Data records

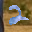
Label: 2
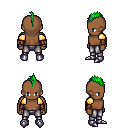
a pixel art fantasy rpg character, male body template, human, dark skin, gold arm armor, metal pants, green mohawk hairstyle, leather bracers, metal boots, four views (front, back, left, right), 2x2 character sprite sheet, small pixel art, hard edges, no anti-aliasing
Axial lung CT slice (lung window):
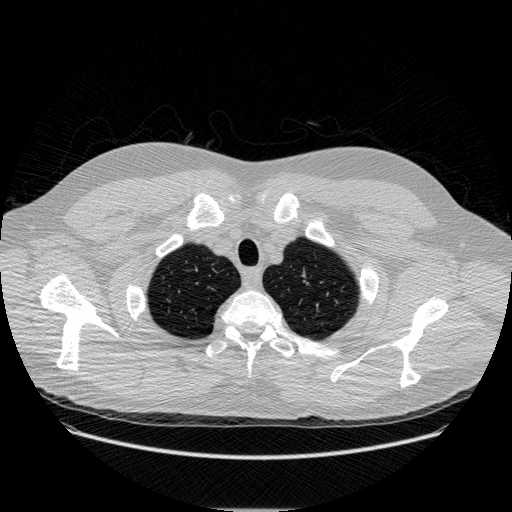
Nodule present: no
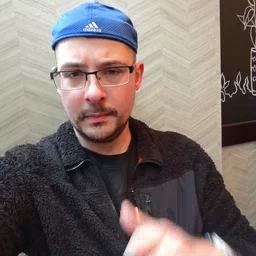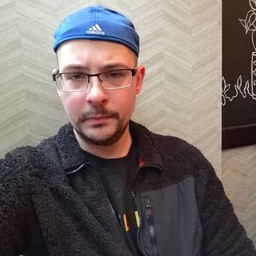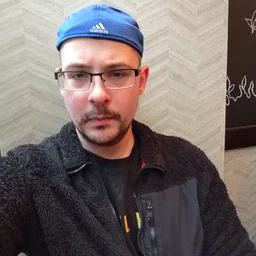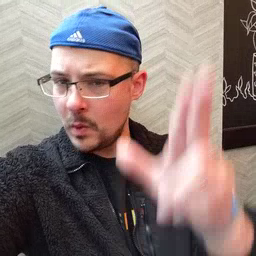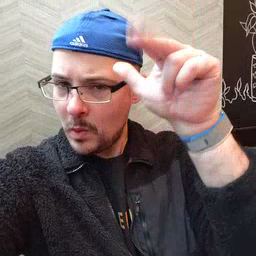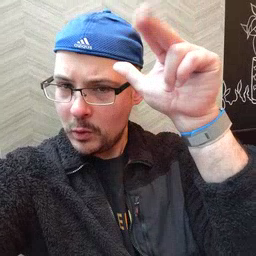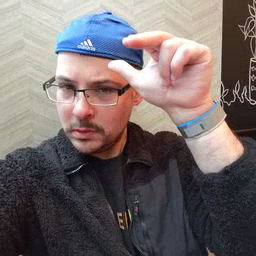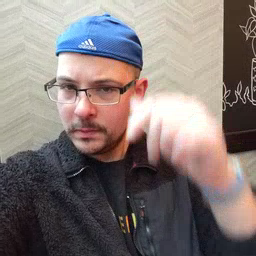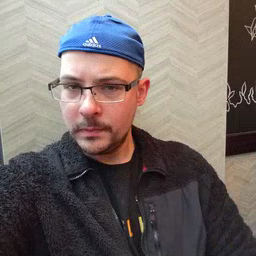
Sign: horse
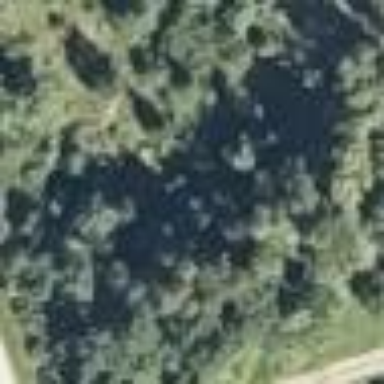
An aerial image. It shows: Mixed woodland forest with trees.
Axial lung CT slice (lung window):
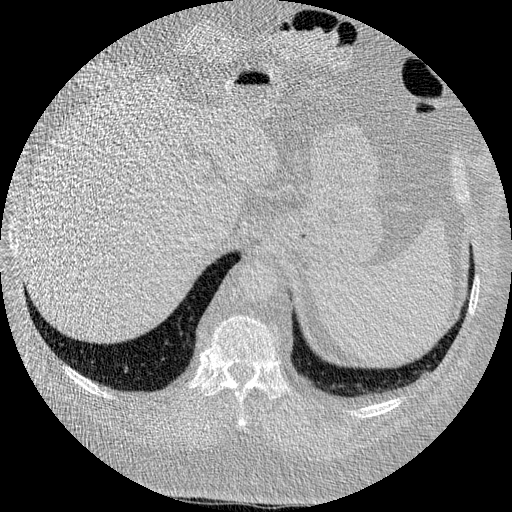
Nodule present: no
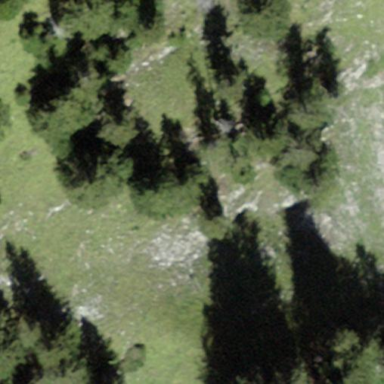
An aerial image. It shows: Forest area.
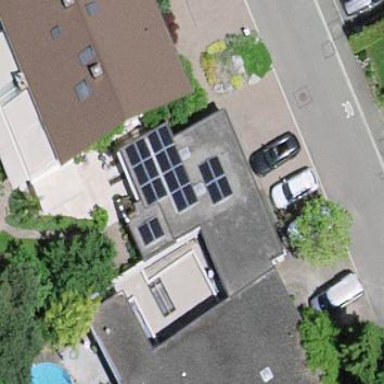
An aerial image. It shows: Garage building.
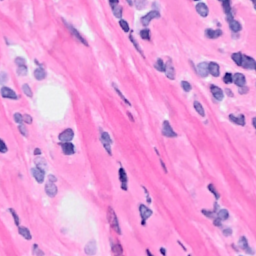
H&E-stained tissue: Breast
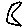
Label: moon
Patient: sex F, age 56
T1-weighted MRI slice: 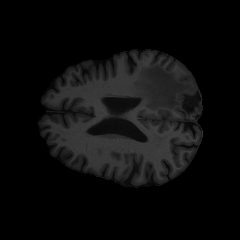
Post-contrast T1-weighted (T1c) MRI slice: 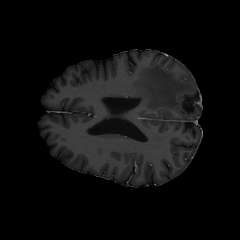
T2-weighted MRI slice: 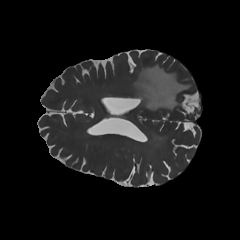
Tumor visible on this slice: yes
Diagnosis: Glioblastoma, IDH-wildtype
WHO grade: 4
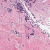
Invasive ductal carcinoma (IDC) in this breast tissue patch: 1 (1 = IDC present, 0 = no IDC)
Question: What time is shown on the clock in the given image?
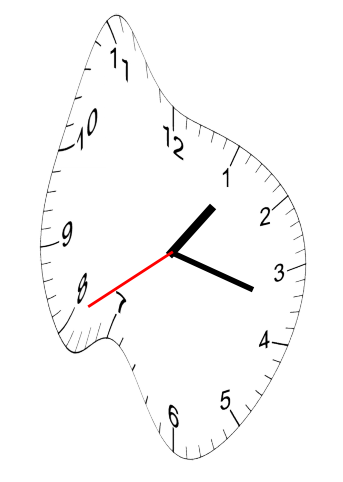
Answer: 01:17:40
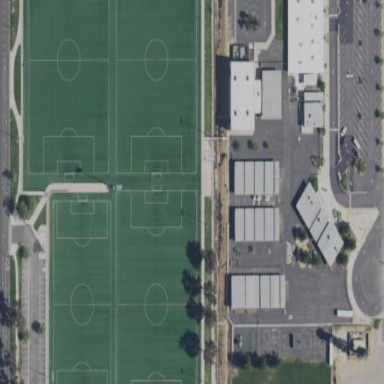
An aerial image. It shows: Soccer pitch with artificial turf for leisure sports activities.
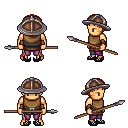
a pixel art fantasy rpg character, male body template, human, tanned skin, leather chest armor, magenta pants, light blonde plain hairstyle, chain helm, leather bracers, ghillies, spear, four views (front, back, left, right), 2x2 character sprite sheet, small pixel art, hard edges, no anti-aliasing
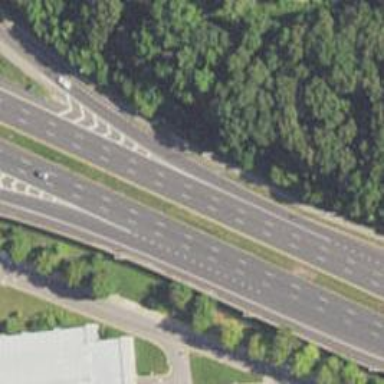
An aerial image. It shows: Primary highway that is also expressway.
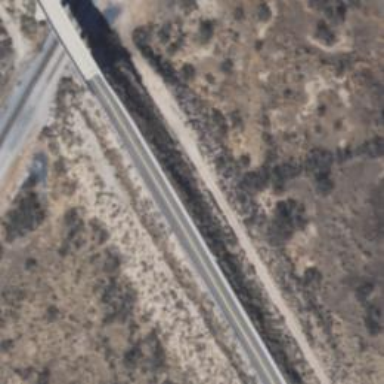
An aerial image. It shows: Abandoned road.
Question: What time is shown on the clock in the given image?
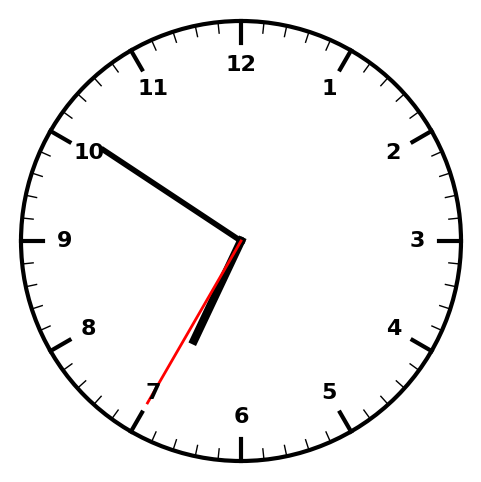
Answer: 06:50:35
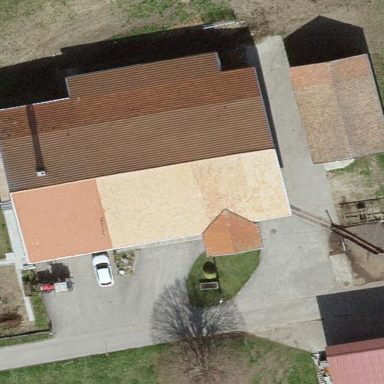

§ **About this task**: Output exactly, and only, the lines of the entries above from the one with "An aerial image. It shows: Garage building." up to and including the one with "WHO grade: 4"; pictures are to be left out.

§ **Written answer**:
An aerial image. It shows: Garage building.
H&E-stained tissue: Breast
Label: moon
Patient: sex F, age 56
T1-weighted MRI slice: 
Post-contrast T1-weighted (T1c) MRI slice: 
T2-weighted MRI slice: 
Tumor visible on this slice: yes
Diagnosis: Glioblastoma, IDH-wildtype
WHO grade: 4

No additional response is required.